┏━━
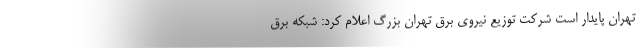
تهران پایدار است شرکت توزیع نیروی برق تهران بزرگ اعلام کرد: شبکه برق
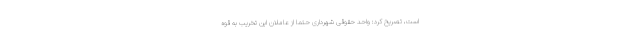
است، تصریح کرد: واحد حقوقی شهرداری حتما از عاملان این تخریب به قوه
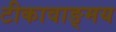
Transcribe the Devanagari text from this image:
टीकावाङ्मय
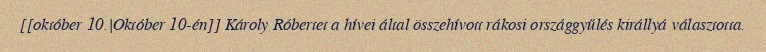
[[október 10.|Október 10-én]] Károly Róbertet a hívei által összehívott rákosi országgyűlés királlyá választotta.
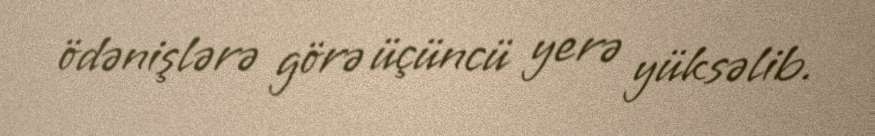
ödənişlərə görə üçüncü yerə yüksəlib.
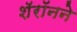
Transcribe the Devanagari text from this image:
शॅरॉनने
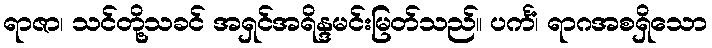
ရာဇာ၊ သင်တို့သခင် အရှင်အရိန္ဒမင်းမြတ်သည်။ ပင်္ကံ၊ ရာဂအစရှိသော
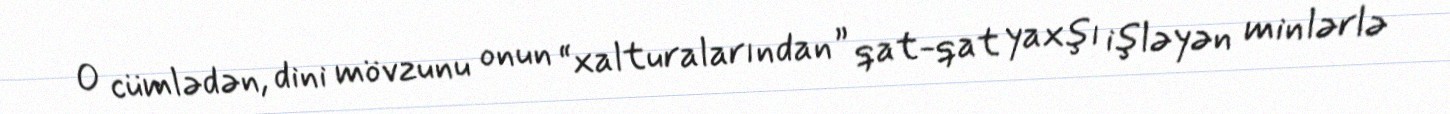
O cümlədən, dini mövzunu onun “xalturalarından” qat-qat yaxşı işləyən minlərlə
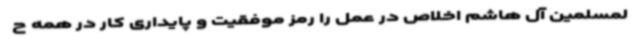
لمسلمین آل هاشم اخلاص در عمل را رمز موفقیت و پایداری کار در همه ح
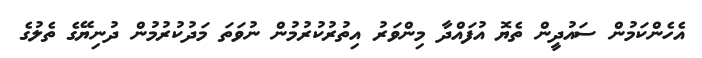
އެހެންކަމުން ސައުދީން ތެޔޮ އުފައްދާ މިންވަރު އިތުރުކުރުމުން ނުވަތަ މަދުކުރުމުން ދުނިޔޭގެ ތެލުގެ
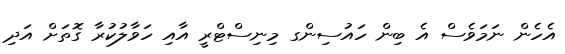
އެހެން ނަމަވެސް އެ ބިން ހައުސިންގ މިނިސްޓްރީ އާއި ހަވާލުކުރާ ގޮތަށް އަދި
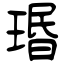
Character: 瑉
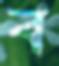
ব
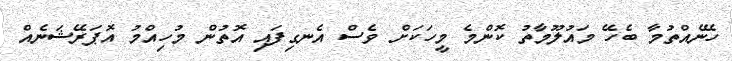
ހޭނެއްތުމާ ބެހޭ މައުލޫމާތު ކޮންމެ މީހަކަށް ވެސް އެނގިފައި އޮތުން މުހިއްމު އޮޕަރޭޝަނެއް
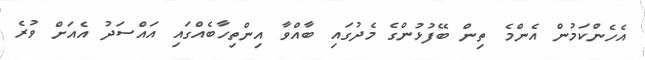
އެހެންކަމުން އެންމެ ތިން ބޭފުޅުންގެ މެދުގައި ބާއްވާ އިންތިހާބެއްގައި އައްސަދު އެއަށް ވުރެ
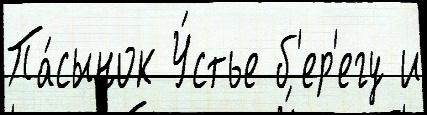
Па́сынок У́стье б'ер'егу и
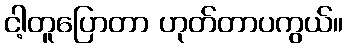
ငါ့တူပြောတာ ဟုတ်တာပကွယ်။
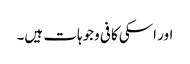
اور اسکی کافی وجوہات ہیں۔
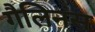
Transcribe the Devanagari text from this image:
गैलिनस
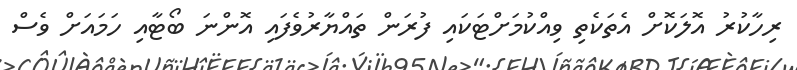
ރިހާކުރު އޮލަކޮށް އެތަކެތި ވިއްކުމަށްޓަކައި ފުރަން ތައްޔާރުވެފައި އޮންނަ ބޯޓާއި ހަމައަށް ވެސް
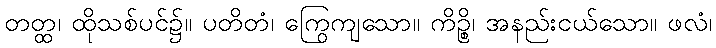
တတ္ထ၊ ထိုသစ်ပင်၌။ ပတိတံ၊ ကြွေကျသော။ ကိဉ္စိ၊ အနည်းငယ်သော။ ဖလံ၊
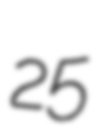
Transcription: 25
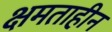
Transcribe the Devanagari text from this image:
क्षमताहीन
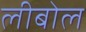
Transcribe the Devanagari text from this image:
लीबोल
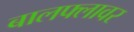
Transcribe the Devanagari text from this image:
बालफ्लावर
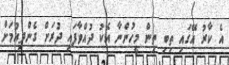
އެ ކާރު އޭގައި ތިބި ތިން މީހުންނާ އެކު ދުއްވާފައި ދުރަށް ގެންދިއުމަށް
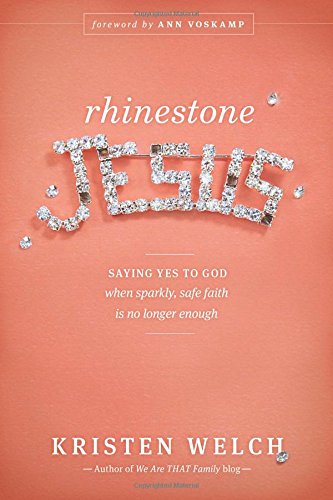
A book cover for Rhinestone Jesus: Saying Yes to God When Sparkly, Safe Faith Is No Longer Enough; Kristen Welch; Parenting & Relationships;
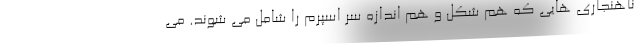
ناهنجاری‌ هایی که هم شکل و هم اندازه سر اسپرم را شامل می‌ شوند. می
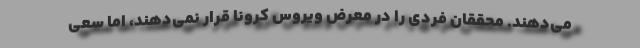
می‌دهند. محققان فردی را در معرض ویروس کرونا قرار نمی‌دهند، اما سعی
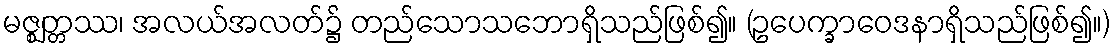
မဇ္ဈတ္တဿ၊ အလယ်အလတ်၌ တည်သောသဘောရှိသည်ဖြစ်၍။ (ဥပေက္ခာဝေဒနာရှိသည်ဖြစ်၍။)
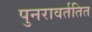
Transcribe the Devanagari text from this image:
पुनरावर्ततित
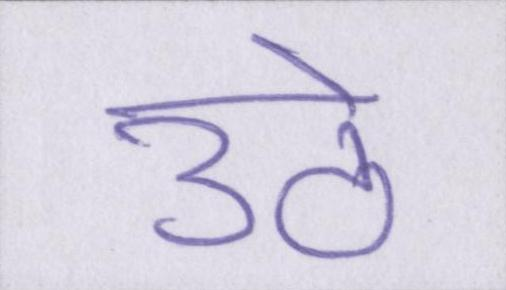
┗━━
Find the line with "Transcription: 25" in the listing above, then write it out along with every later line through the last one, exactly, omitting pictures.

Transcription: 25
Transcribe the Devanagari text from this image:
क्षमताहीन
Transcribe the Devanagari text from this image:
लीबोल
Transcribe the Devanagari text from this image:
बालफ्लावर
އެ ކާރު އޭގައި ތިބި ތިން މީހުންނާ އެކު ދުއްވާފައި ދުރަށް ގެންދިއުމަށް
A book cover for Rhinestone Jesus: Saying Yes to God When Sparkly, Safe Faith Is No Longer Enough; Kristen Welch; Parenting & Relationships;
ناهنجاری‌ هایی که هم شکل و هم اندازه سر اسپرم را شامل می‌ شوند. می
می‌دهند. محققان فردی را در معرض ویروس کرونا قرار نمی‌دهند، اما سعی
မဇ္ဈတ္တဿ၊ အလယ်အလတ်၌ တည်သောသဘောရှိသည်ဖြစ်၍။ (ဥပေက္ခာဝေဒနာရှိသည်ဖြစ်၍။)
Transcribe the Devanagari text from this image:
पुनरावर्ततित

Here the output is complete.